Preheat your oven to 375°F (190°C). Take a large bowl and combine the rice, chopped onion, minced garlic, grated zucchini, chopped herbs (parsley, mint, dill), 1/4 cup of olive oil, and a generous pinch of salt and pepper. Stir well to ensure the mixture is evenly distributed and fragrant.
Add the reserved tomato pulp to the rice mixture, mashing it slightly with a fork to incorporate. For a hint of warmth, sprinkle in the cinnamon, mixing thoroughly. This step gives Yemista its distinctive Greek flavour profile.

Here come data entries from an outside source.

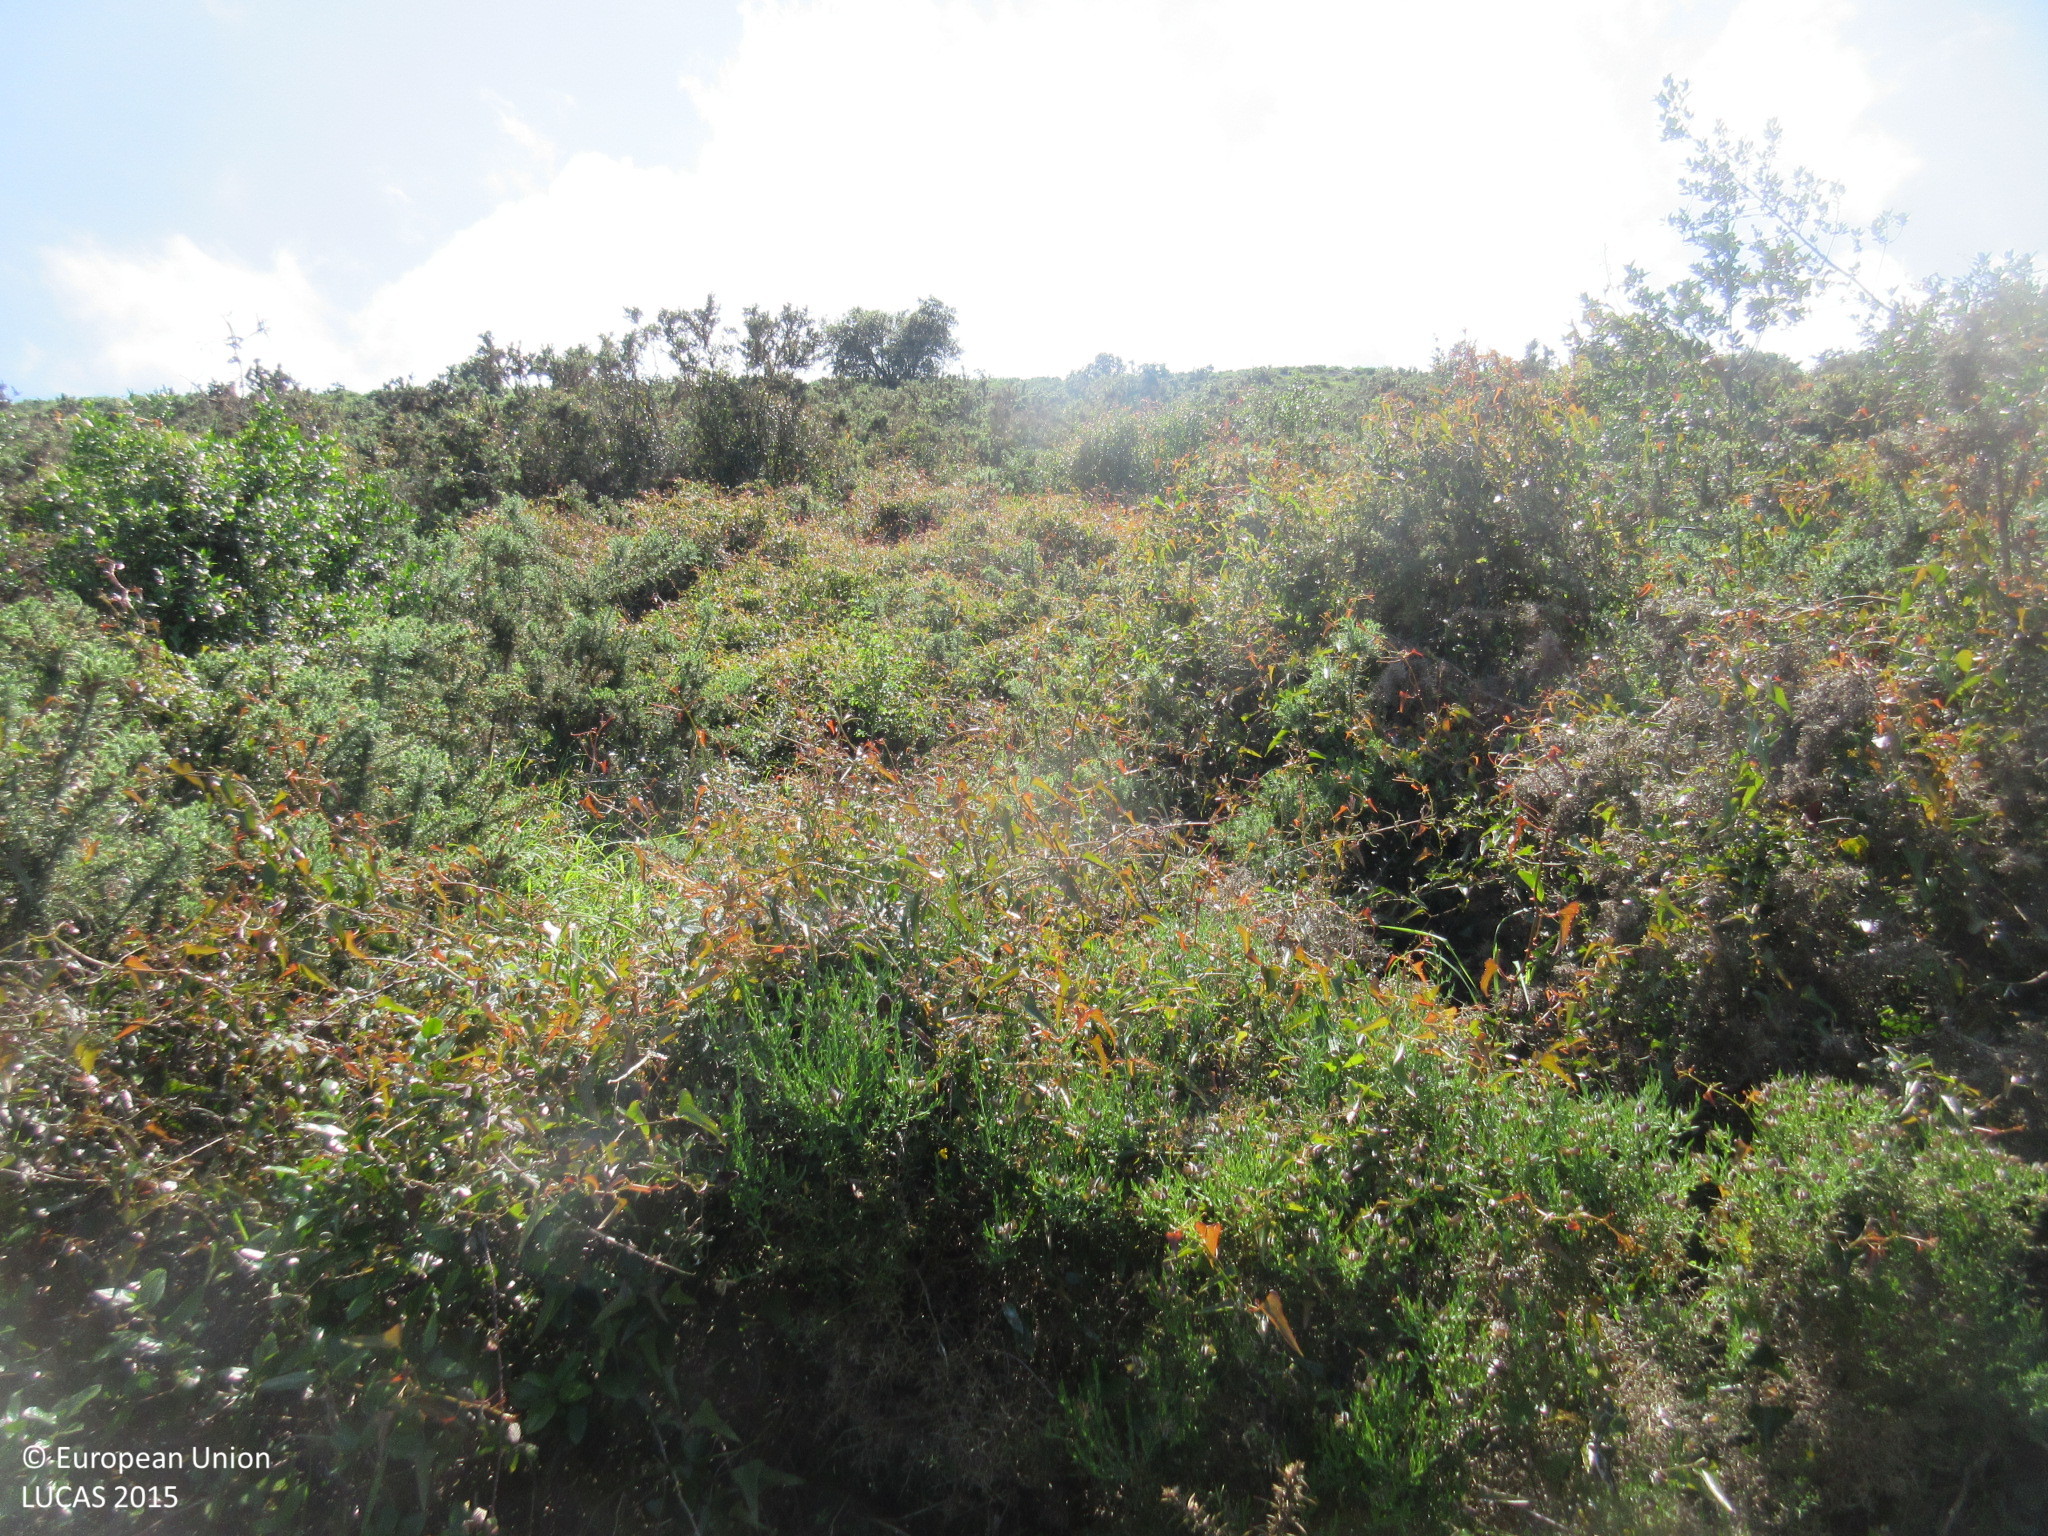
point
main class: Shrubland
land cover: Shrubland with sparse tree cover
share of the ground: > 75 %
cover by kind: shrubs 95 %, broadleaved forest trees 5 %
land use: Agriculture (excluding fallow land and kitchen gardens)
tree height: < 5 m
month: May
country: ES
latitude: 43.3433
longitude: -4.5052

Fill each hollowed out tomato and bell pepper with the rice mixture, leaving about 1/2 inch of space at the top for the rice to expand as it cooks. Replace the tops of each tomato and pepper as a cover.
Arrange the stuffed vegetables upright in a baking dish. Drizzle the remaining olive oil over the vegetables and season the tops lightly with a pinch of salt and pepper to enhance the final taste.
Pour the vegetable or chicken broth into the baking dish, around the stuffed vegetables. This liquid will help steam the vegetables, softening them and cooking the rice to a tender finish.
Cover the baking dish with aluminium foil to trap the steam and prevent the vegetables from drying out. Place the dish in the preheated oven and bake for 30 minutes to allow the flavours to meld and the rice to partially cook.
After 30 minutes, remove the foil, baste the vegetables with the cooking juices in the dish, and return to the oven, uncovered. Continue baking for an additional 20-25 minutes, or until the vegetables are tender, and the tops are slightly caramelized.
Serve the Yemista warm, garnished with additional chopped herbs if desired. Pair with a side of Greek yogurt or feta cheese for added creaminess, and enjoy alongside a slice of fresh bread to soak up the flavourful juices.